Er gibt sich optimistisch und verweist auf die Mentalität der IT-Branche: „Wir sehen zuversichtlich in die Zukunft, das entspricht unserem Naturell. Wenn wir diese Zuversicht verlieren, haben wir das Spiel verloren. Wir sind ein IT-Dienstleister und unsere Kernkompetenzen liegen in der Beratung, in zukunftsfähigen Technologien und im umfangreichen Branchen-Know-how – wir „brennen“ für die Digitalisierung. Bei adesso sind wir sehr projektgetrieben. Es gilt: Nach dem Projekt ist vor dem Projekt.

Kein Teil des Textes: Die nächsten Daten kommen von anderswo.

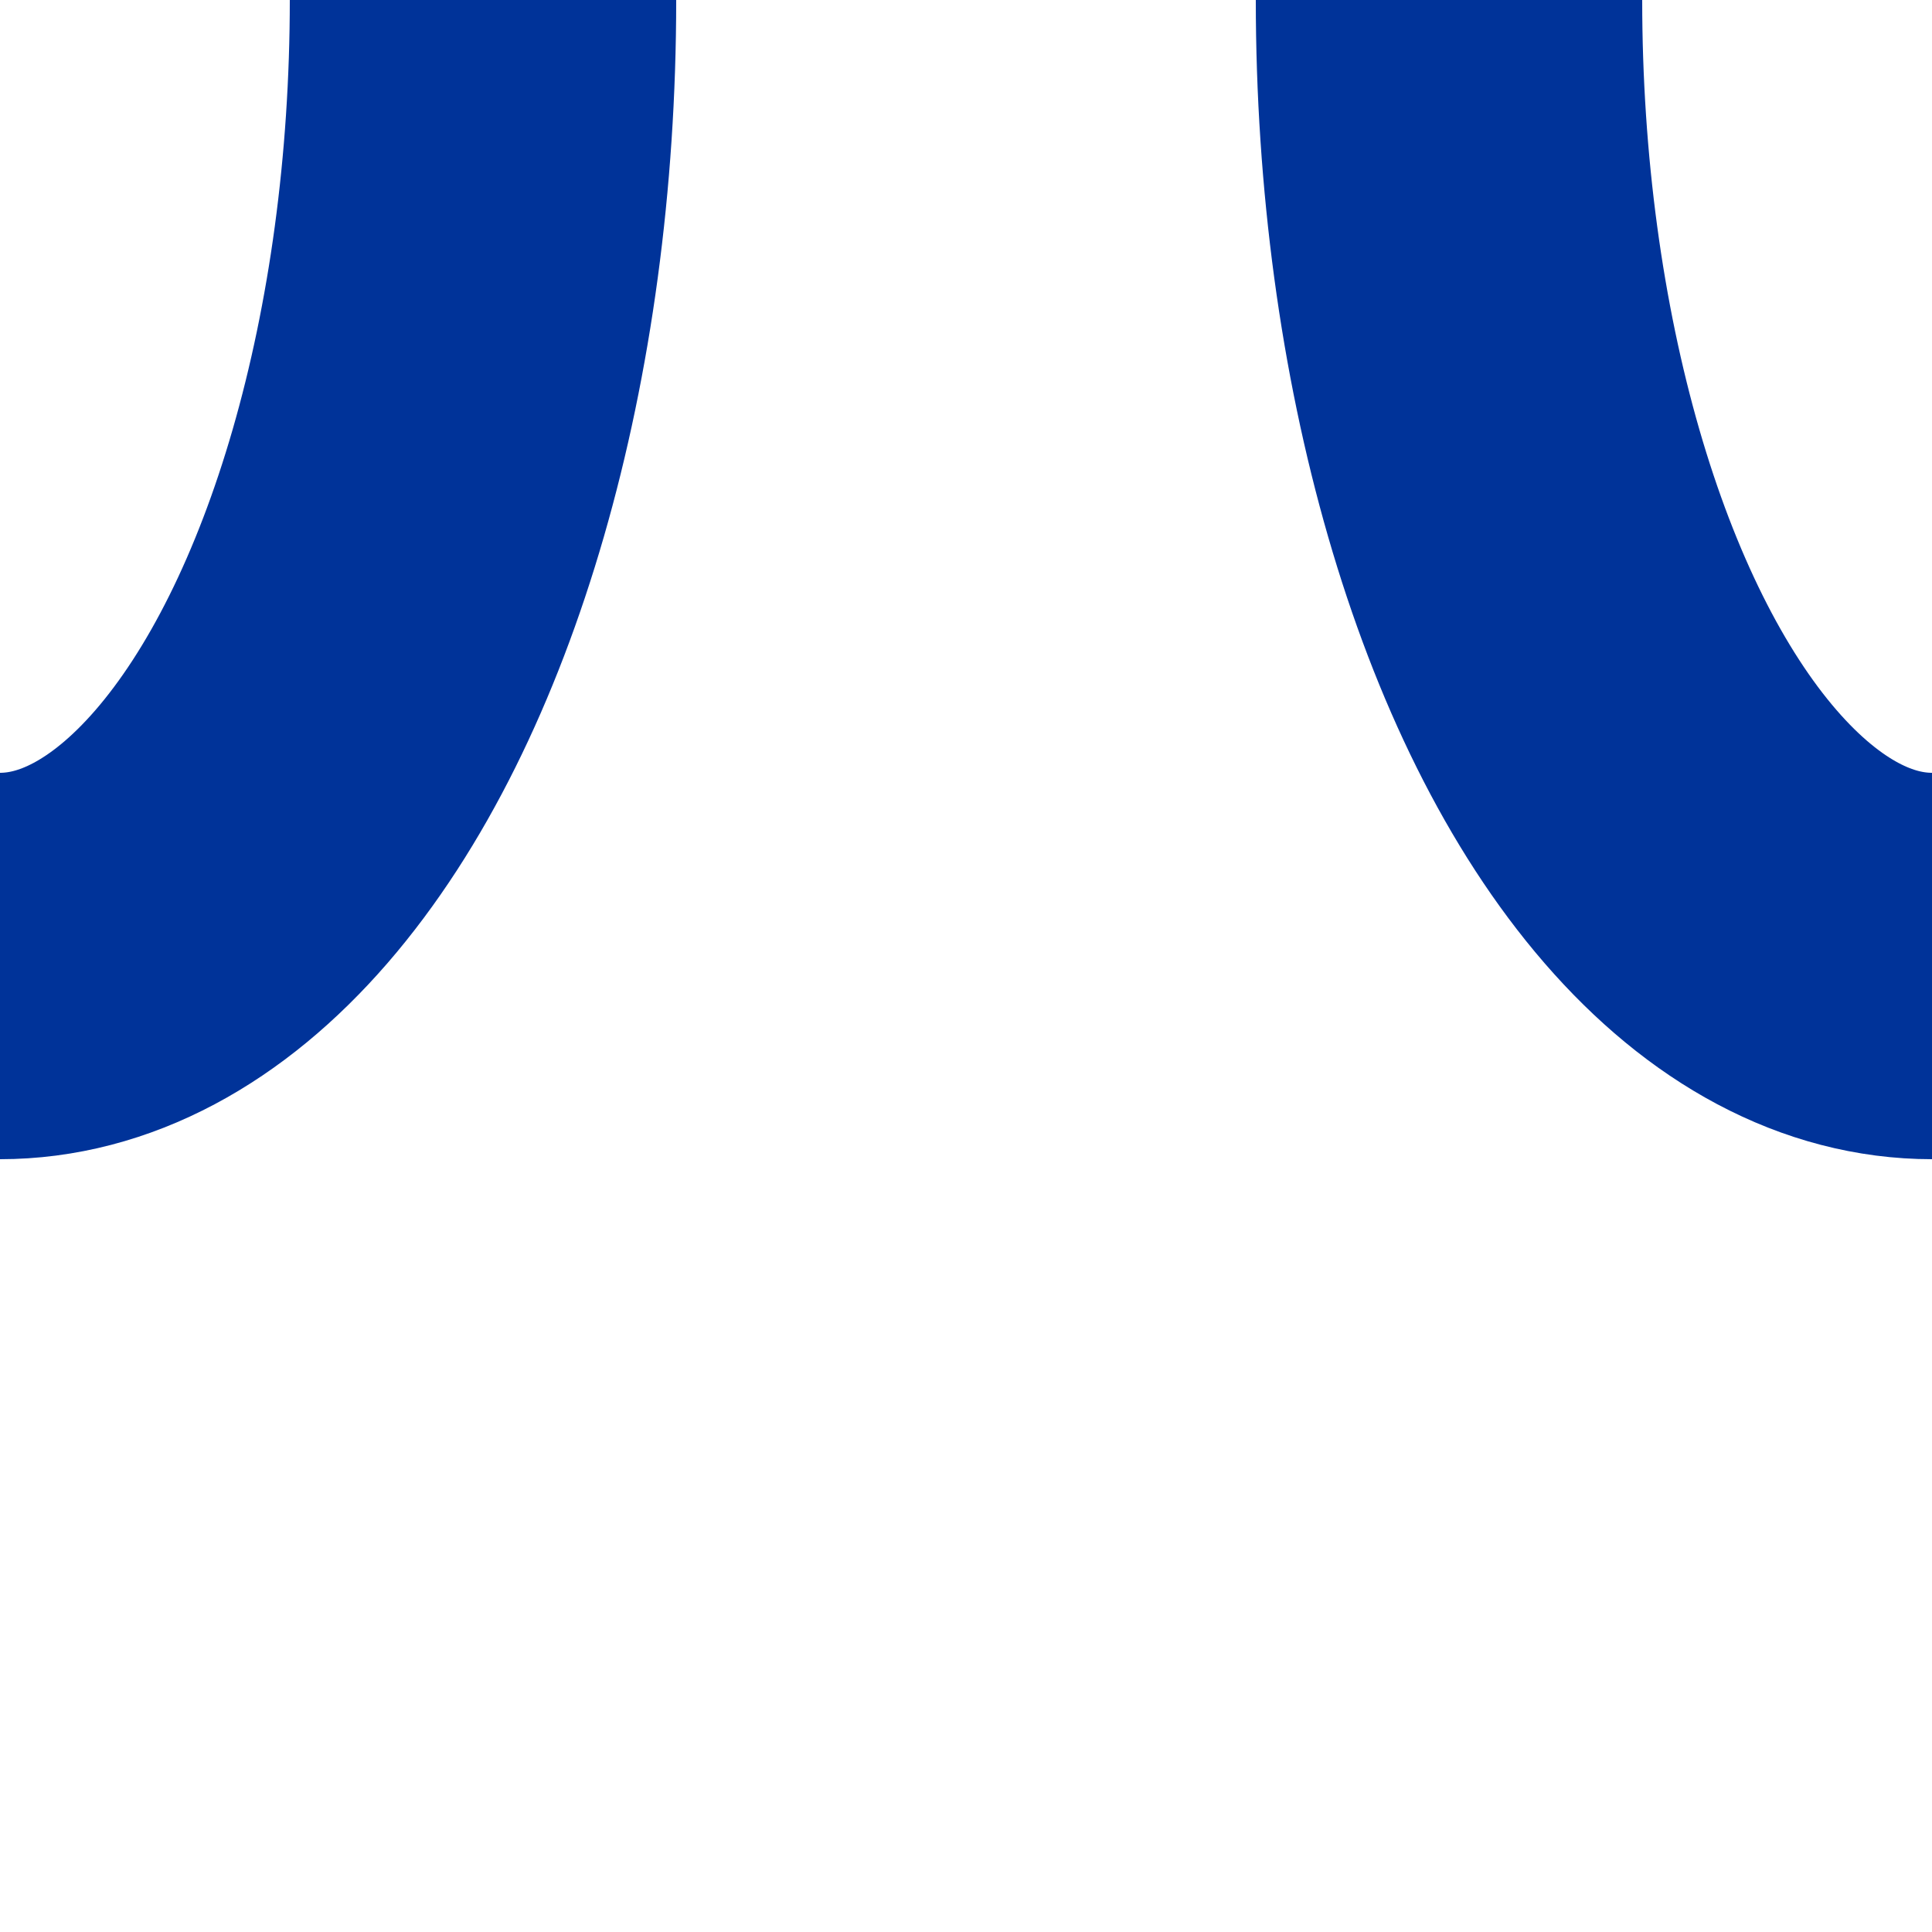 <?xml version="1.0" encoding="UTF-8" standalone="no"?>
<!-- redrawn by Useddenim -->
<svg xmlns="http://www.w3.org/2000/svg" width="500" height="500" viewBox="0 0 500 500">
<title>uvSTRr-STRl</title>
 <g stroke="#003399" stroke-width="100" fill="none">
  <ellipse cx="0" cy="0" rx="125" ry="250"/>
  <ellipse cx="500" cy="0" rx="125" ry="250"/>
 </g>
</svg>

Ich glaube allerdings, dass es 2021 schwerer werden wird, neue Projekte zu generieren. Denn laufende Projekte ins Homeoffice zu verlagern, war gut machbar, aber von zu Hause neue Projekte zu starten oder Kunden zu akquirieren, das ist schon eine größere Herausforderung. Für erfolgreiche Projekte ist auch der enge, persönliche Kontakt zu den Kunden wesentlich.“ adesso zählt zu den zwanzig größten IT-Dienstleistern in Deutschland, in Österreich wurde heuer trotz der Corona-Krise von 50 auf 70 Mitarbeiter expandiert.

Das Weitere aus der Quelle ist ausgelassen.